Jeans instability of an astrophysical self-gravitating medium in the presence of high radiation pressure and diffusion transfer of radiation

Within the framework of the problem of modeling the evolution of a protostellar disk, the influence of radiation on the Jeans gravitational instability for a self-gravitating optically thick (for intrinsic infrared radiation) gas-dust medium is discussed, taking into account the influence of radiation pressure and diffusion transfer of radiation on the critical wavelength of the perturbing wave. Two approximations of radiative diffusion are considered: 1. the case of ideal radiative equilibrium, when the temperatures of matter and radiation are the same; 2. the case of the time dependence of the radiation field, when there is an energy decoupling between radiation and matter. Using the analysis of the normal regime, dispersion relations are derived that allow one to obtain modifications of the Jeans gravitational instability criterion under the influence of radiation pressure and radiation diffusion.

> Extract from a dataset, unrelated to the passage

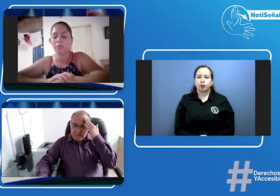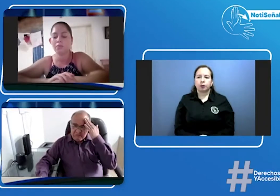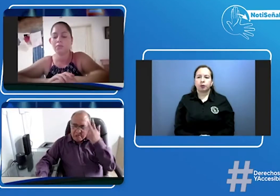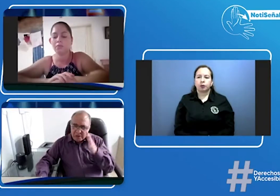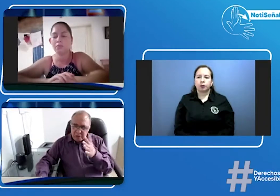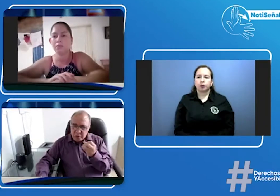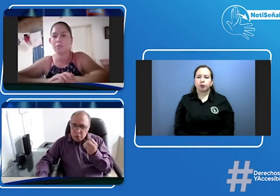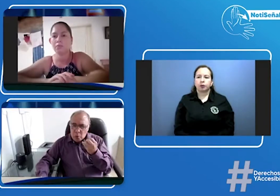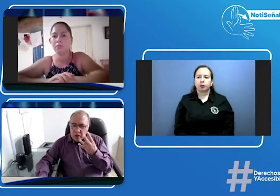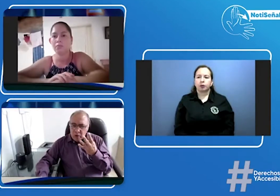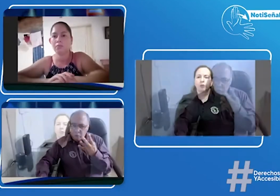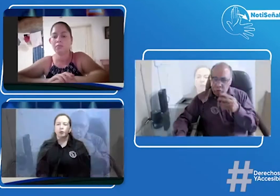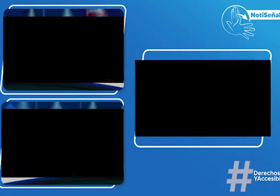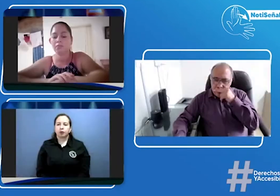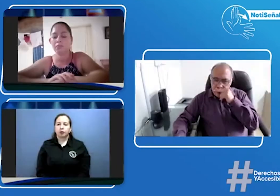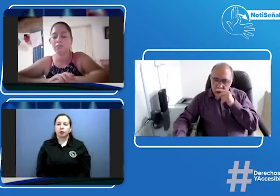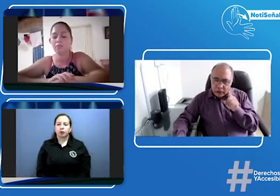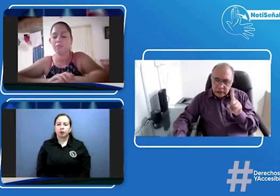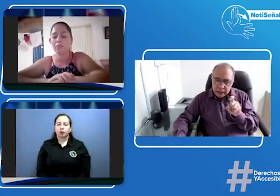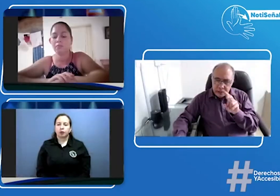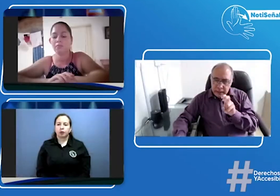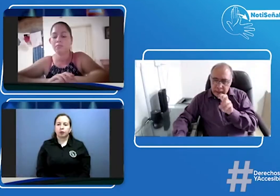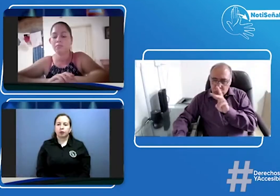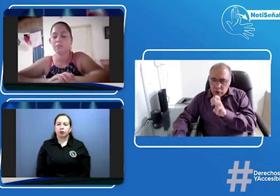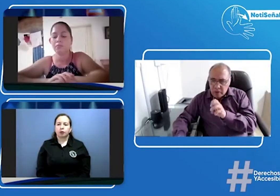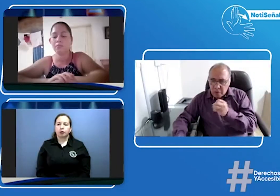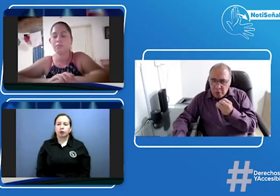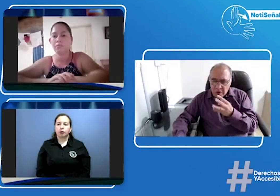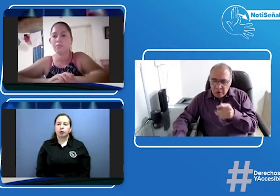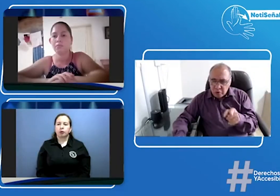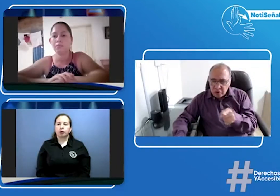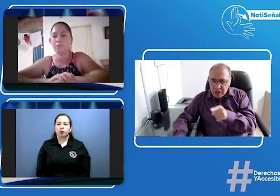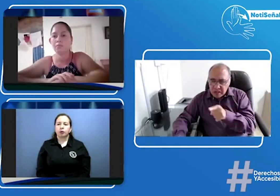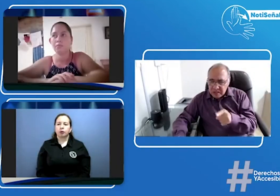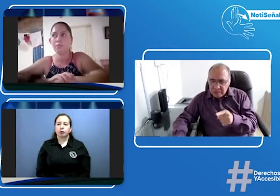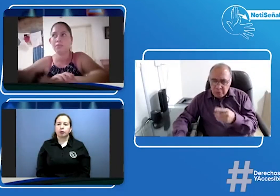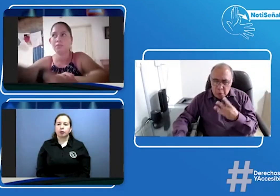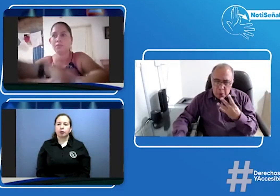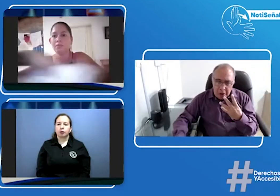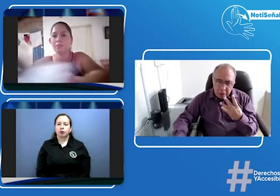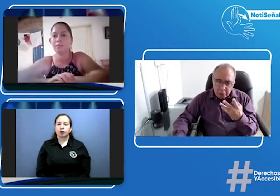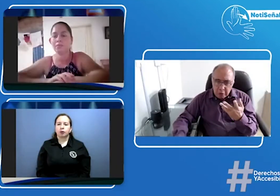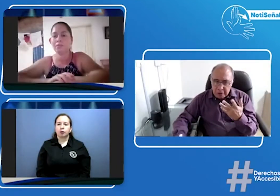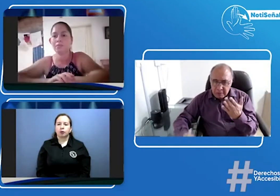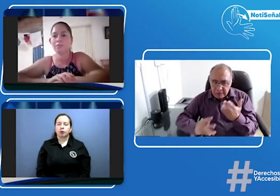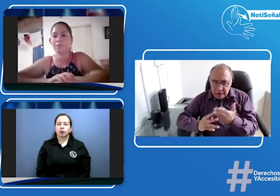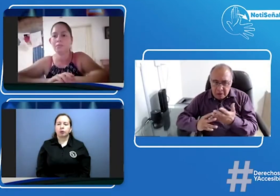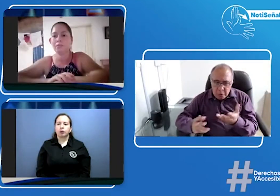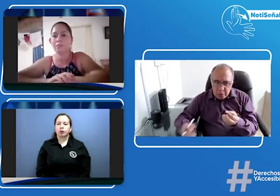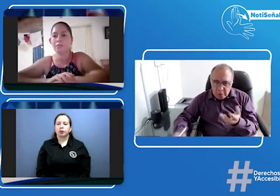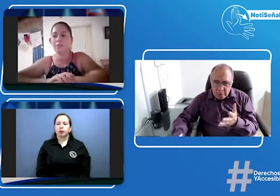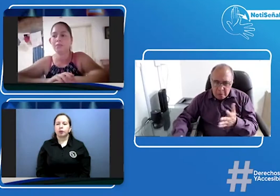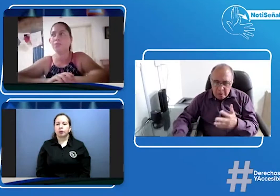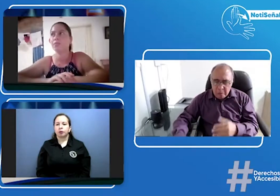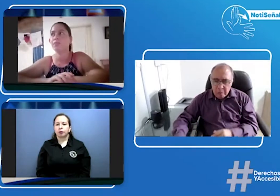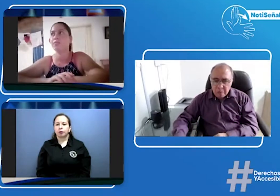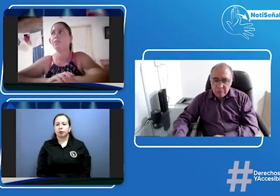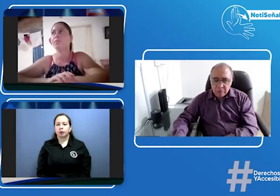y más o menos de qué edad son estos niños bueno tú me dices son
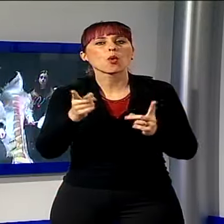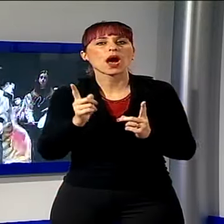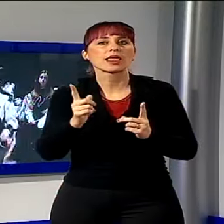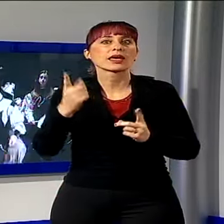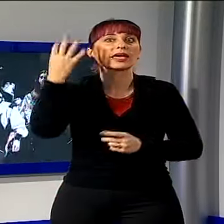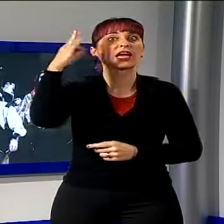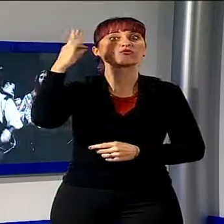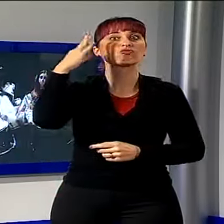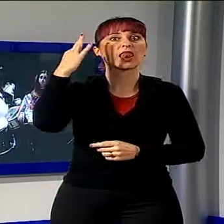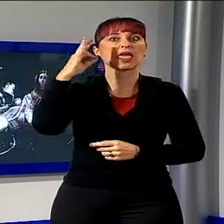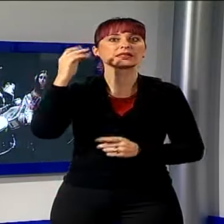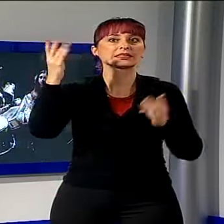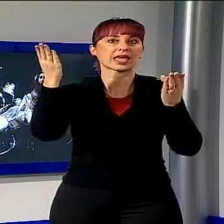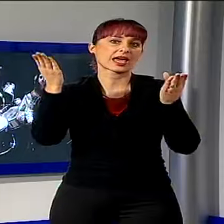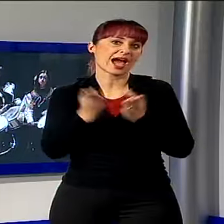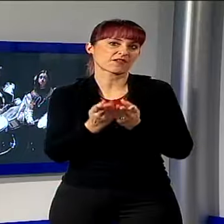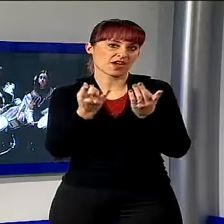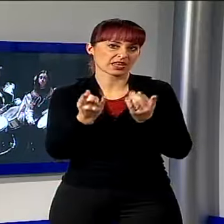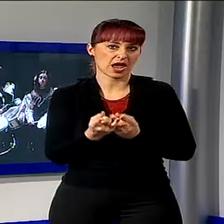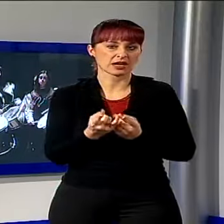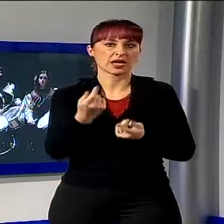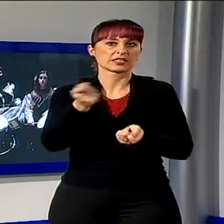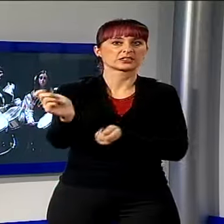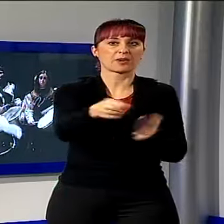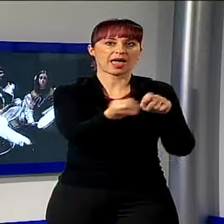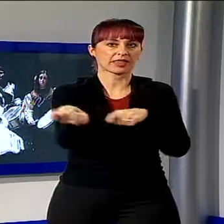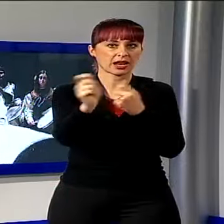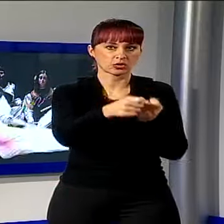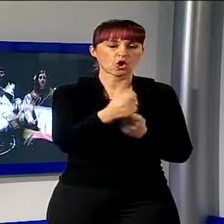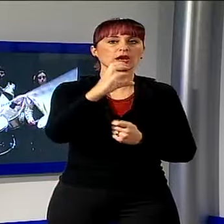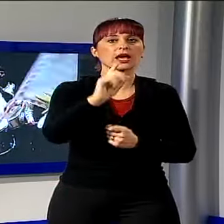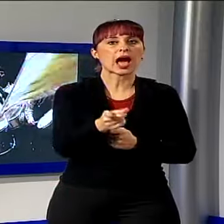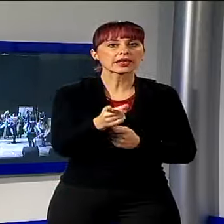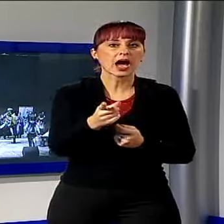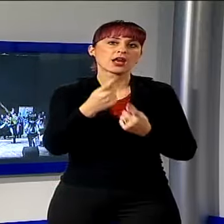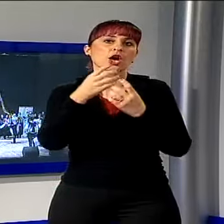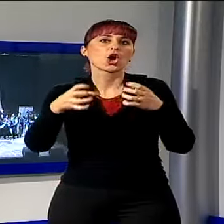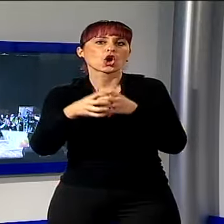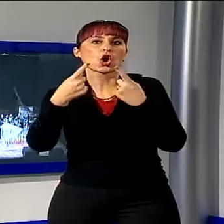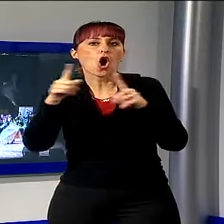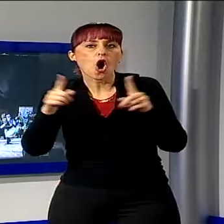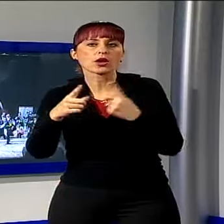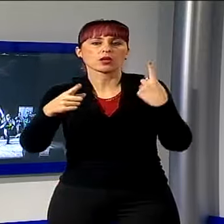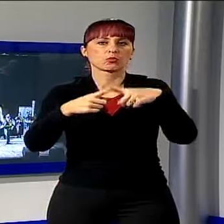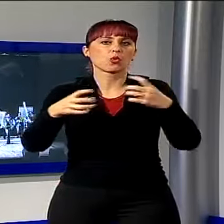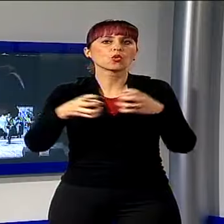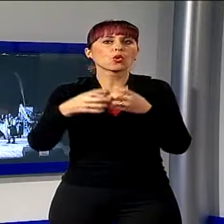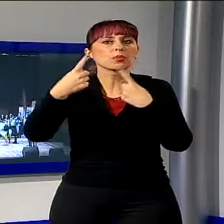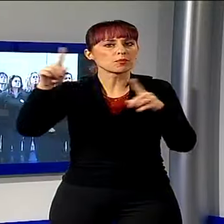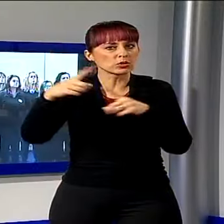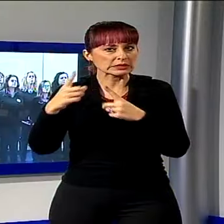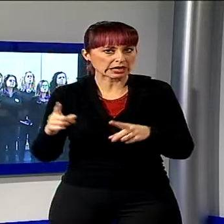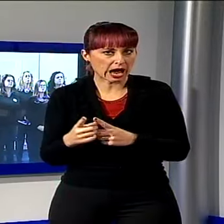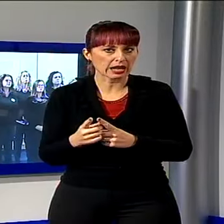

In particular, it is shown that, in contrast to local radiation equilibrium, when the acoustic velocity of the gas coincides with the isothermal speed of sound, in the case of a difference in the temperatures of radiation and gas, the perturbing wave propagates with the adiabatic speed of sound in the gas. The results obtained are aimed at solving the problem of gravitational instability of individual massive protostellar disks or self-gravitating radiation media characterized by large optical depths for their own infrared radiation transformed by dust.